• _Requirement_
Give the records again exactly, with every character kept.

--- Data records ---

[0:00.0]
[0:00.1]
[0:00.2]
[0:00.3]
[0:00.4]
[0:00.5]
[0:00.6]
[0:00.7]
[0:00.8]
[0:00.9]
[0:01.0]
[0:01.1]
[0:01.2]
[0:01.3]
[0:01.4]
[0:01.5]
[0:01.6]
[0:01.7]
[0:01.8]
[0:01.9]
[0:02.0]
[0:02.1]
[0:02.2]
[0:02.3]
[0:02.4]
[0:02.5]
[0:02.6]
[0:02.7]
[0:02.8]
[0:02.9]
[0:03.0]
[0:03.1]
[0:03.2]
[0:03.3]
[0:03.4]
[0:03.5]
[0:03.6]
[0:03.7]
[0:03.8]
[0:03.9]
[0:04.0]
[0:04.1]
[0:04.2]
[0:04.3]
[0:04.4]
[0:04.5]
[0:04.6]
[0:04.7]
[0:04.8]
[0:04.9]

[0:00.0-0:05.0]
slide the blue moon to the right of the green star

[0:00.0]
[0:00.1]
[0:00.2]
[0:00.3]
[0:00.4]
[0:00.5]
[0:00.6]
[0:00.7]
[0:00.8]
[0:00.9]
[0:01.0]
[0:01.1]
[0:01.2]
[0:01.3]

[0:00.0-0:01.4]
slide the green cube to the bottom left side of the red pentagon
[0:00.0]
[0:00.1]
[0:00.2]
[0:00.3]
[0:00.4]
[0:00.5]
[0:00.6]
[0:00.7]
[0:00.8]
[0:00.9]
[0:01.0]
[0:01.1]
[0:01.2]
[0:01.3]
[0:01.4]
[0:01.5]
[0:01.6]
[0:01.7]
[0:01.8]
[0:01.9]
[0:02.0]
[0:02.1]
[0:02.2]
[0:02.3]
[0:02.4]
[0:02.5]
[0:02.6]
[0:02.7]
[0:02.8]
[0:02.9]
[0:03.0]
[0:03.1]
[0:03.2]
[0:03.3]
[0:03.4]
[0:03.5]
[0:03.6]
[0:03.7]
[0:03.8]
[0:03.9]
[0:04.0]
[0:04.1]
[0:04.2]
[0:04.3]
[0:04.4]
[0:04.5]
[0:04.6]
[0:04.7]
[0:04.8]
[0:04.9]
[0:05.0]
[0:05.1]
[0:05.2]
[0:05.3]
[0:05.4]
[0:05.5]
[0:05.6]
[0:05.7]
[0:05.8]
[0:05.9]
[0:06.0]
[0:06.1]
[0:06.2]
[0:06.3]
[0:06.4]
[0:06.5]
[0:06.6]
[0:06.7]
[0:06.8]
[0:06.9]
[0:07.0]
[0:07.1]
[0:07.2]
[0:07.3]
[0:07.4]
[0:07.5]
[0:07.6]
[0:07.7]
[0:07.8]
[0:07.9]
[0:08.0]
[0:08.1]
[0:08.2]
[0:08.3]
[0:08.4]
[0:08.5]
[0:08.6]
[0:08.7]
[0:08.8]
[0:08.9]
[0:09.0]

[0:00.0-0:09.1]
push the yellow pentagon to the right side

---

• _Solution to this task_
[0:00.0]
[0:00.1]
[0:00.2]
[0:00.3]
[0:00.4]
[0:00.5]
[0:00.6]
[0:00.7]
[0:00.8]
[0:00.9]
[0:01.0]
[0:01.1]
[0:01.2]
[0:01.3]
[0:01.4]
[0:01.5]
[0:01.6]
[0:01.7]
[0:01.8]
[0:01.9]
[0:02.0]
[0:02.1]
[0:02.2]
[0:02.3]
[0:02.4]
[0:02.5]
[0:02.6]
[0:02.7]
[0:02.8]
[0:02.9]
[0:03.0]
[0:03.1]
[0:03.2]
[0:03.3]
[0:03.4]
[0:03.5]
[0:03.6]
[0:03.7]
[0:03.8]
[0:03.9]
[0:04.0]
[0:04.1]
[0:04.2]
[0:04.3]
[0:04.4]
[0:04.5]
[0:04.6]
[0:04.7]
[0:04.8]
[0:04.9]

[0:00.0-0:05.0]
slide the blue moon to the right of the green star

[0:00.0]
[0:00.1]
[0:00.2]
[0:00.3]
[0:00.4]
[0:00.5]
[0:00.6]
[0:00.7]
[0:00.8]
[0:00.9]
[0:01.0]
[0:01.1]
[0:01.2]
[0:01.3]

[0:00.0-0:01.4]
slide the green cube to the bottom left side of the red pentagon
[0:00.0]
[0:00.1]
[0:00.2]
[0:00.3]
[0:00.4]
[0:00.5]
[0:00.6]
[0:00.7]
[0:00.8]
[0:00.9]
[0:01.0]
[0:01.1]
[0:01.2]
[0:01.3]
[0:01.4]
[0:01.5]
[0:01.6]
[0:01.7]
[0:01.8]
[0:01.9]
[0:02.0]
[0:02.1]
[0:02.2]
[0:02.3]
[0:02.4]
[0:02.5]
[0:02.6]
[0:02.7]
[0:02.8]
[0:02.9]
[0:03.0]
[0:03.1]
[0:03.2]
[0:03.3]
[0:03.4]
[0:03.5]
[0:03.6]
[0:03.7]
[0:03.8]
[0:03.9]
[0:04.0]
[0:04.1]
[0:04.2]
[0:04.3]
[0:04.4]
[0:04.5]
[0:04.6]
[0:04.7]
[0:04.8]
[0:04.9]
[0:05.0]
[0:05.1]
[0:05.2]
[0:05.3]
[0:05.4]
[0:05.5]
[0:05.6]
[0:05.7]
[0:05.8]
[0:05.9]
[0:06.0]
[0:06.1]
[0:06.2]
[0:06.3]
[0:06.4]
[0:06.5]
[0:06.6]
[0:06.7]
[0:06.8]
[0:06.9]
[0:07.0]
[0:07.1]
[0:07.2]
[0:07.3]
[0:07.4]
[0:07.5]
[0:07.6]
[0:07.7]
[0:07.8]
[0:07.9]
[0:08.0]
[0:08.1]
[0:08.2]
[0:08.3]
[0:08.4]
[0:08.5]
[0:08.6]
[0:08.7]
[0:08.8]
[0:08.9]
[0:09.0]

[0:00.0-0:09.1]
push the yellow pentagon to the right side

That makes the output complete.